Legame π

Secondo la teoria degli orbitali molecolari i legami covalenti si formano dalla sovrapposizione degli orbitali atomici.

Gli orbitali atomici p possono sovrapporsi sia assialmente per dare un orbitale molecolare di tipo σ sia lateralmente per dare un orbitale molecolare di tipo π che presenta un piano nodale

sovrapposizione

L’entità della sovrapposizione è maggiore quando gli orbitali p si sovrappongono assialmente rispetto a quando si sovrappongono lateralmente quindi il legame σ è più forte del legame π.

Si consideri la molecola biatomica O2 costituita da due atomi di ossigeno ciascuno dei quali ha configurazione elettronica 1s2, 2s2, 2p4. Si assume che gli elettroni spaiati di ciascun atomo di ossigeno si trovino nei rispettivi orbitali atomici py e pz.
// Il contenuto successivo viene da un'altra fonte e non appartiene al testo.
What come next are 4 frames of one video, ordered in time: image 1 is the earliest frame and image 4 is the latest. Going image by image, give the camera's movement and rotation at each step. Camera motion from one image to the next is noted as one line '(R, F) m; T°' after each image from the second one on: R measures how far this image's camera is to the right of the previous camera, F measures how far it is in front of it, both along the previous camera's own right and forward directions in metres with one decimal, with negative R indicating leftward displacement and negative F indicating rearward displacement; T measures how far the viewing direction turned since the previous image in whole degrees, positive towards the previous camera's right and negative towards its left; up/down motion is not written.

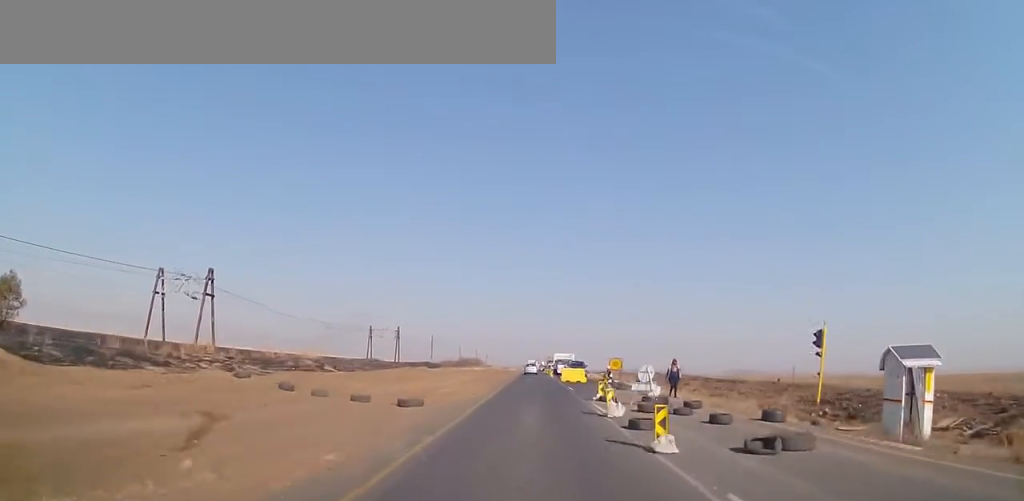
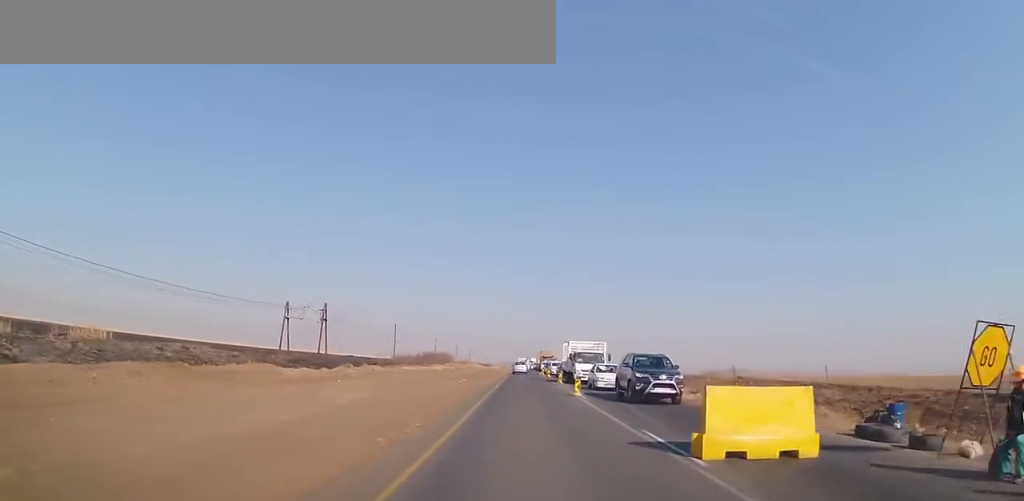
(-0.4, +35.7) m; -1°
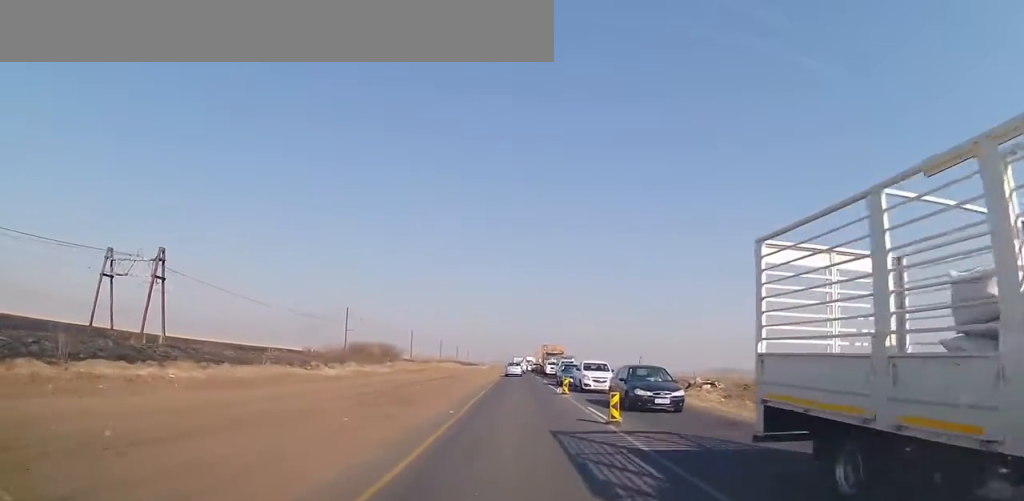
(+1.2, +36.8) m; +2°
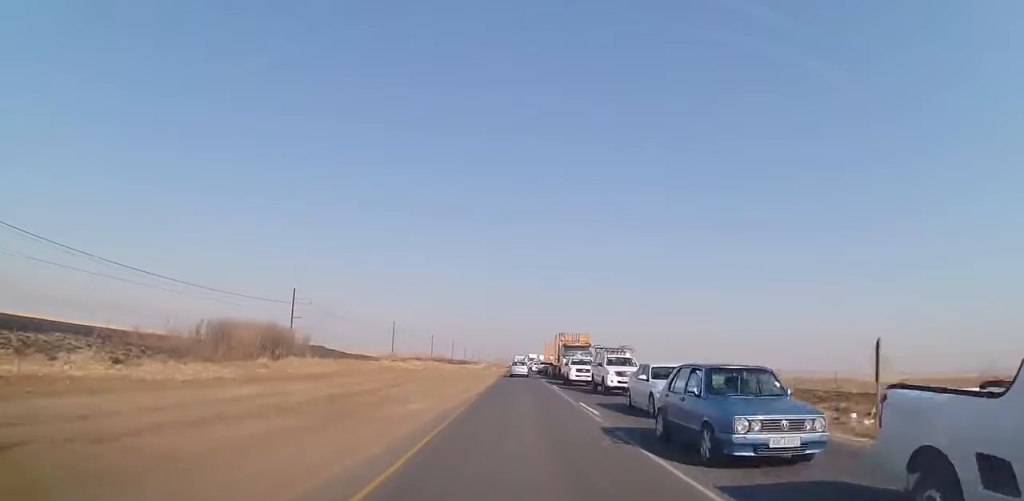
(-0.6, +26.5) m; -1°

Quando i due atomi di ossigeno si avvicinano lungo l’asse z i due orbitali pz si sovrappongono assialmente dando un legame σ e gli orbitali p si sovrappongono lateralmente per dare un orbitale π. Nella molecola di ossigeno è quindi presente un doppio legame di cui uno σ e l’altro π.

Se tra due atomi vi è un doppio legame uno di essi è di tipo σ mentre l’altro è di tipo π. Se nella molecola, come nel caso di N2 vi è un triplo legame solo uno di essi è di tipo σ mentre gli altri due sono di tipo π.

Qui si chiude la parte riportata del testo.